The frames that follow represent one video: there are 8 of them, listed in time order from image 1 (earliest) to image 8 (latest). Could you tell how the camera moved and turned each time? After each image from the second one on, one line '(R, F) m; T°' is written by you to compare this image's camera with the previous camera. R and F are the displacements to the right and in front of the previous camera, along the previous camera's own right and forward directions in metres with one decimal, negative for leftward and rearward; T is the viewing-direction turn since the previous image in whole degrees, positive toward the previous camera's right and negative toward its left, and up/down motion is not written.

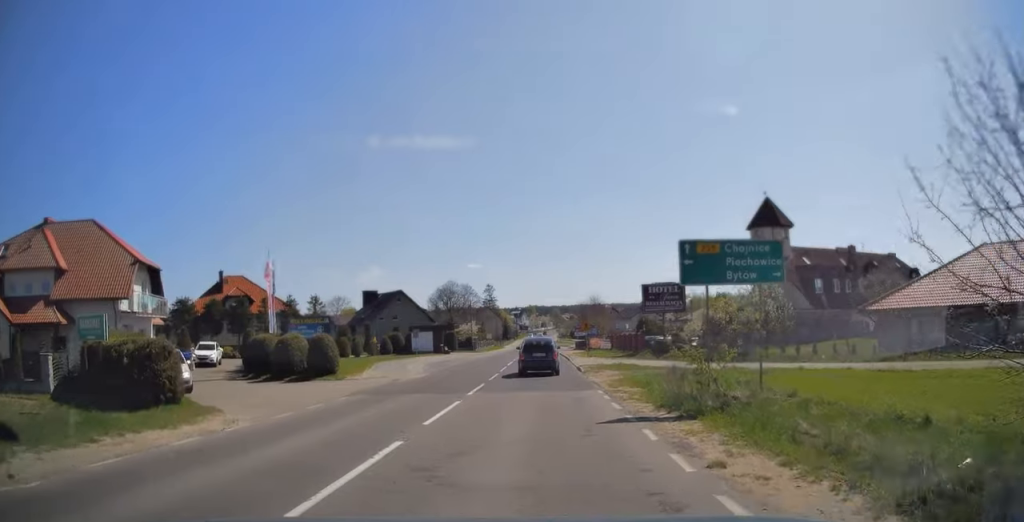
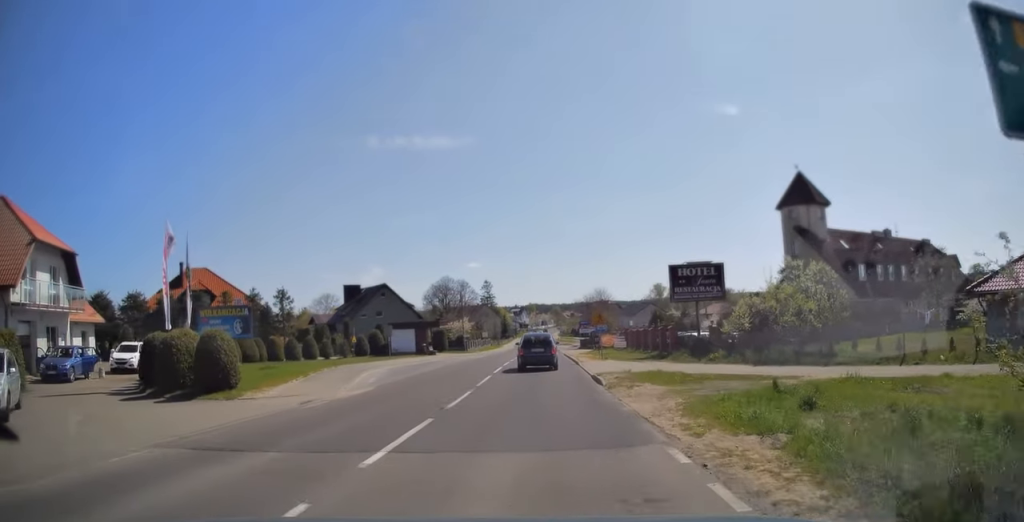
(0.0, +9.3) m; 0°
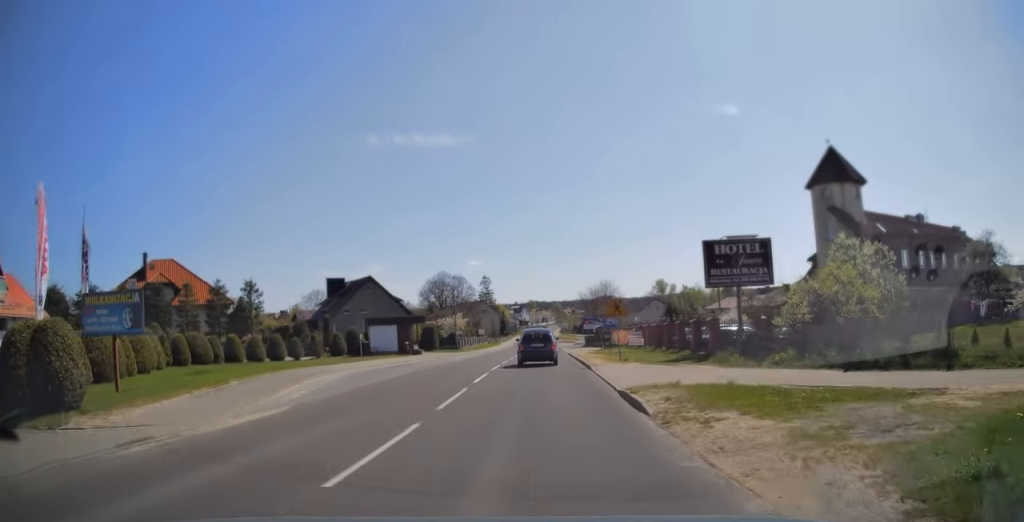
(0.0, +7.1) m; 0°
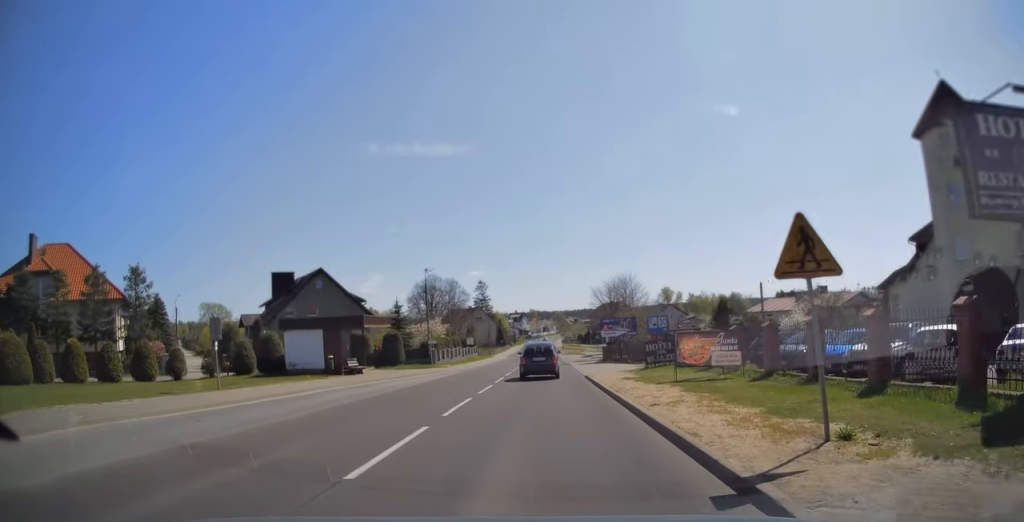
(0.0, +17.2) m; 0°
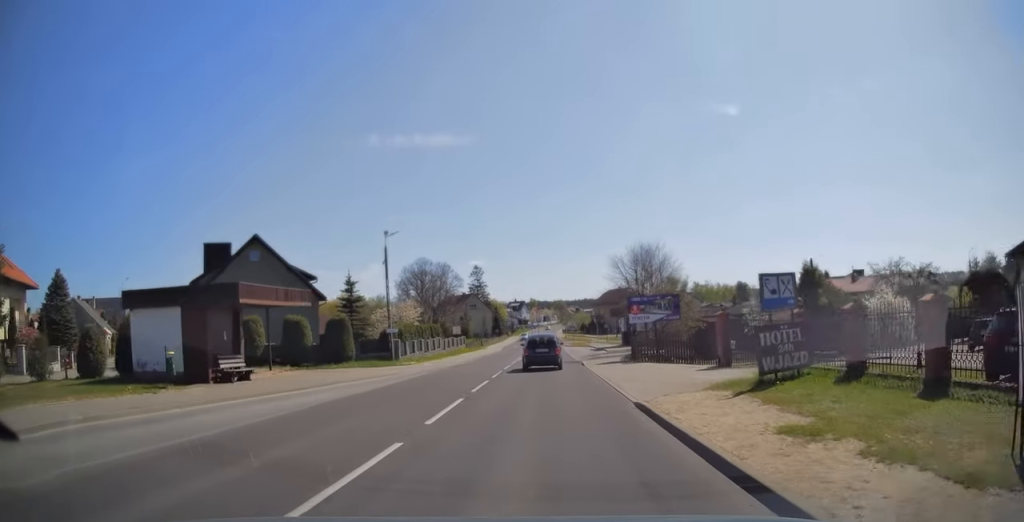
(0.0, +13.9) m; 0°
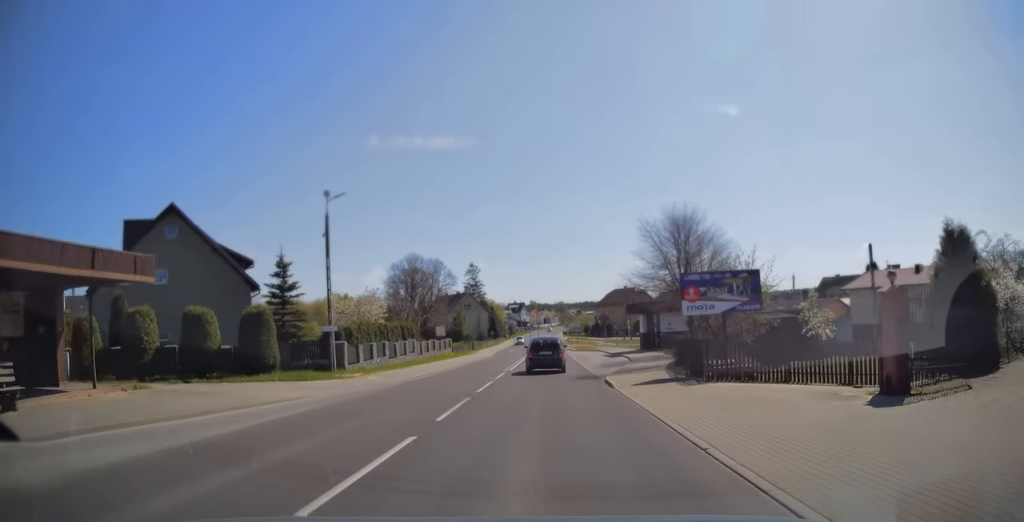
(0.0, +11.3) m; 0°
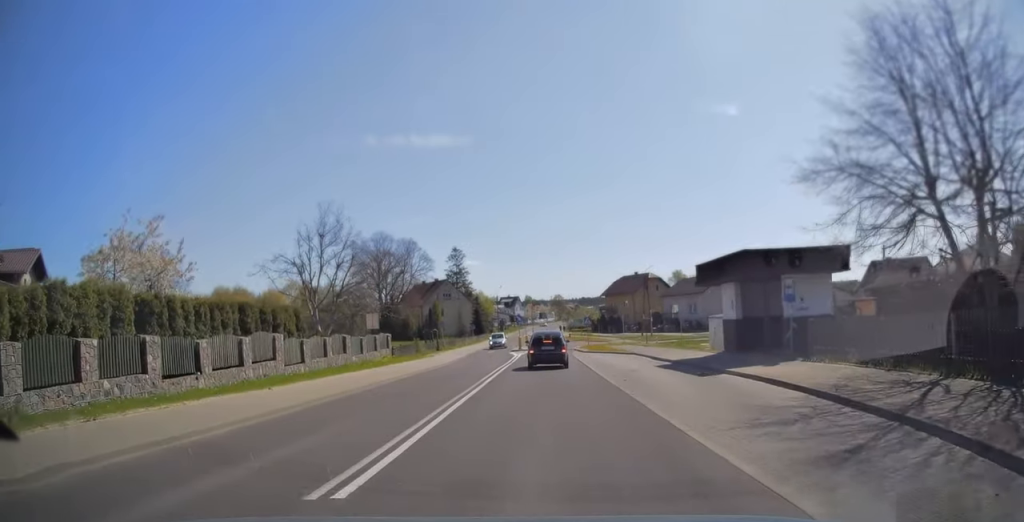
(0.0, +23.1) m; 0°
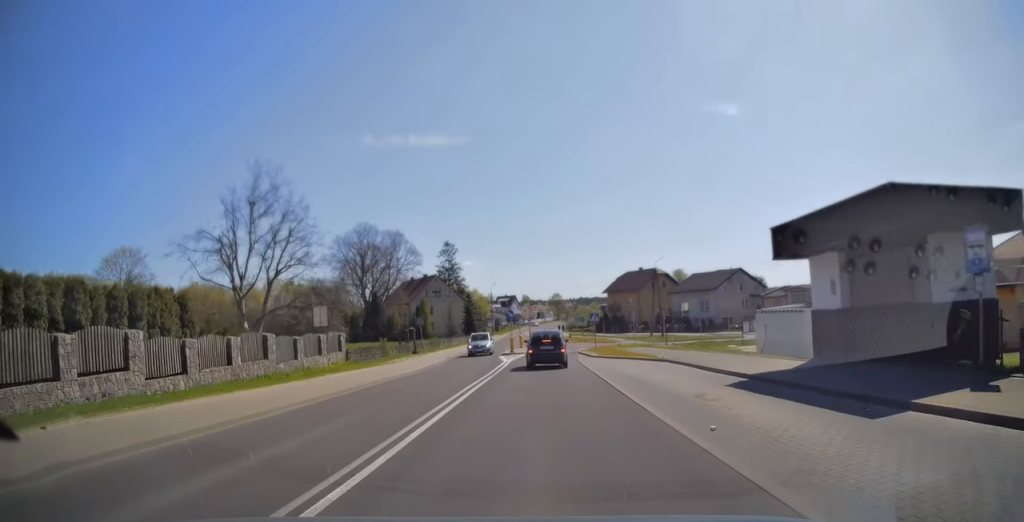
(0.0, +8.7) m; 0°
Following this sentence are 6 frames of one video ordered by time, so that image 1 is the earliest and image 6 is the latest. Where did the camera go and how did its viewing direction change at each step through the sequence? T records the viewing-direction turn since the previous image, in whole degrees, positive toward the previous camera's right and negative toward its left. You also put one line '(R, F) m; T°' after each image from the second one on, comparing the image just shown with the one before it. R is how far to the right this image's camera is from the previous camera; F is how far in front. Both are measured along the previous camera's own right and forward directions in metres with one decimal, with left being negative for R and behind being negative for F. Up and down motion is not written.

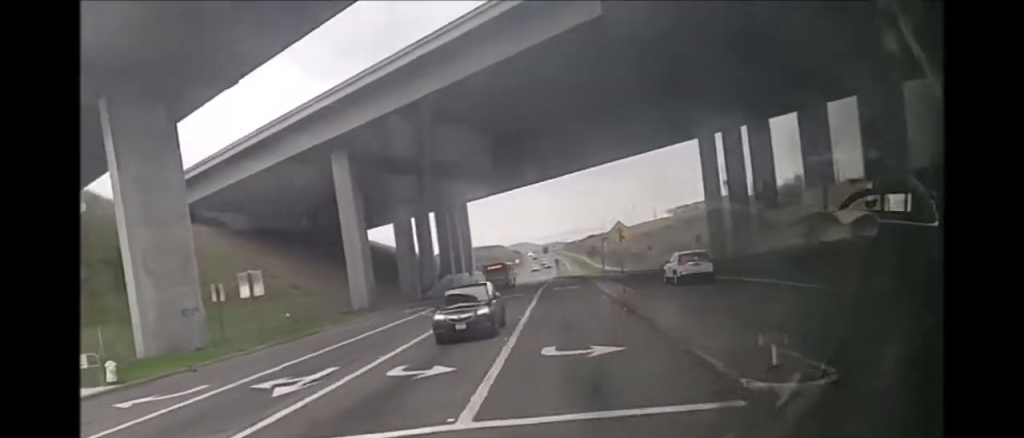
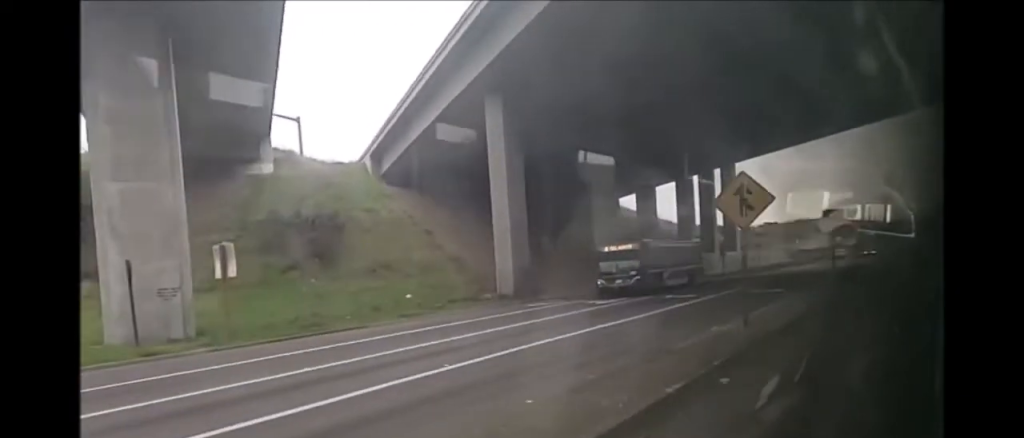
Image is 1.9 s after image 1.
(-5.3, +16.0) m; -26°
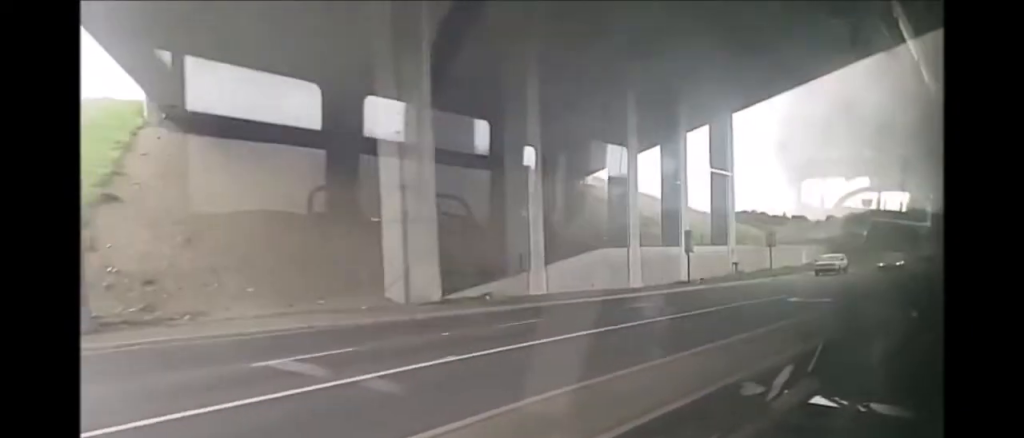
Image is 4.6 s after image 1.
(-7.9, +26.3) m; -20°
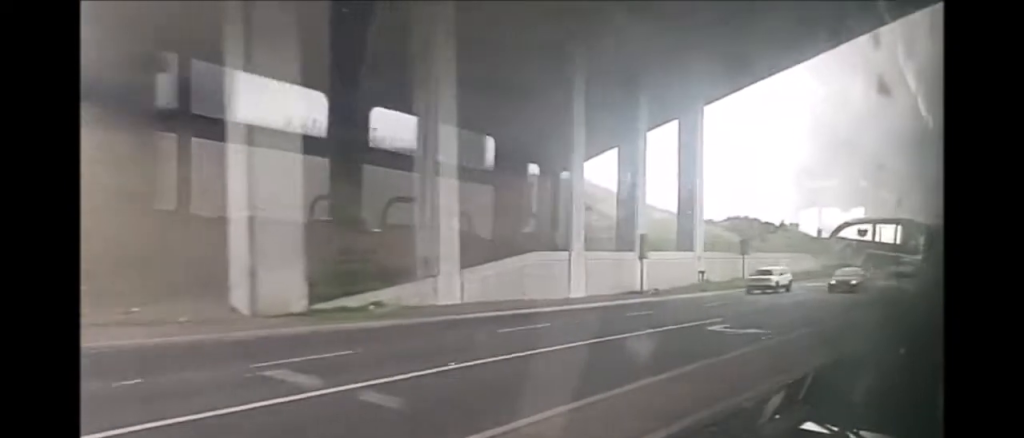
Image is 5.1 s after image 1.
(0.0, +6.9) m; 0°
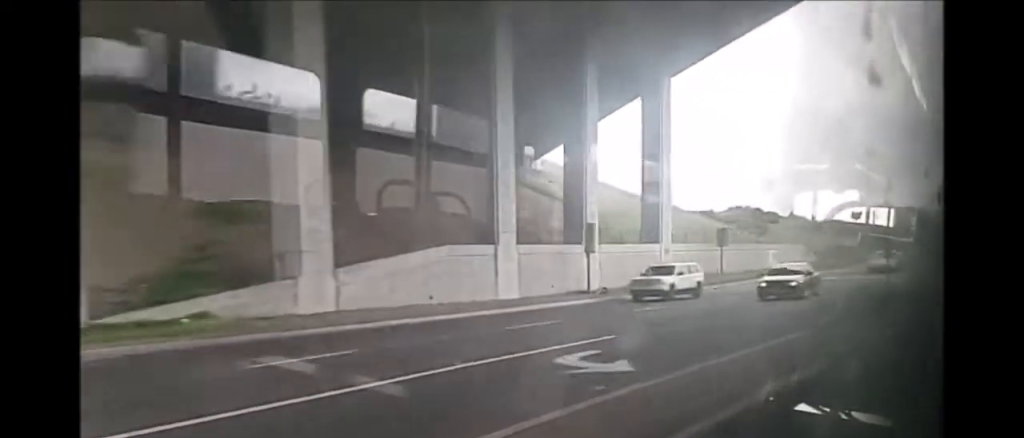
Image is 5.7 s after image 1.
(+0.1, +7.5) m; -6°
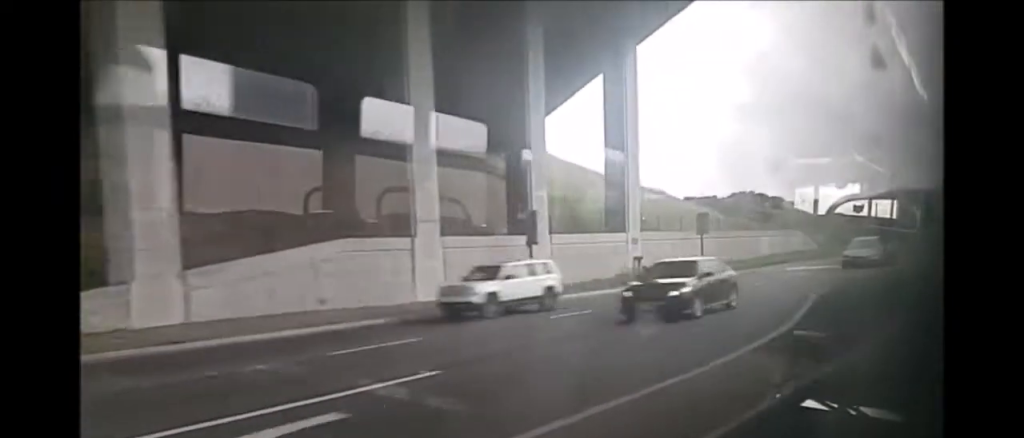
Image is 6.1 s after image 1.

___

**What this task involves:** The task calls for duplicating the data exactly, with no images kept.

**Result for this exercise:**
The frames that follow represent one video: there are 8 of them, listed in time order from image 1 (earliest) to image 8 (latest). Could you tell how the camera moved and turned each time? After each image from the second one on, one line '(R, F) m; T°' is written by you to compare this image's camera with the previous camera. R and F are the displacements to the right and in front of the previous camera, along the previous camera's own right and forward directions in metres with one decimal, negative for leftward and rearward; T is the viewing-direction turn since the previous image in whole degrees, positive toward the previous camera's right and negative toward its left, and up/down motion is not written.

(0.0, +9.3) m; 0°
(0.0, +7.1) m; 0°
(0.0, +17.2) m; 0°
(0.0, +13.9) m; 0°
(0.0, +11.3) m; 0°
(0.0, +23.1) m; 0°
(0.0, +8.7) m; 0°
Following this sentence are 6 frames of one video ordered by time, so that image 1 is the earliest and image 6 is the latest. Where did the camera go and how did its viewing direction change at each step through the sequence? T records the viewing-direction turn since the previous image, in whole degrees, positive toward the previous camera's right and negative toward its left. You also put one line '(R, F) m; T°' after each image from the second one on, comparing the image just shown with the one before it. R is how far to the right this image's camera is from the previous camera; F is how far in front. Both are measured along the previous camera's own right and forward directions in metres with one decimal, with left being negative for R and behind being negative for F. Up and down motion is not written.

Image is 1.9 s after image 1.
(-5.3, +16.0) m; -26°
Image is 4.6 s after image 1.
(-7.9, +26.3) m; -20°
Image is 5.1 s after image 1.
(0.0, +6.9) m; 0°
Image is 5.7 s after image 1.
(+0.1, +7.5) m; -6°
Image is 6.1 s after image 1.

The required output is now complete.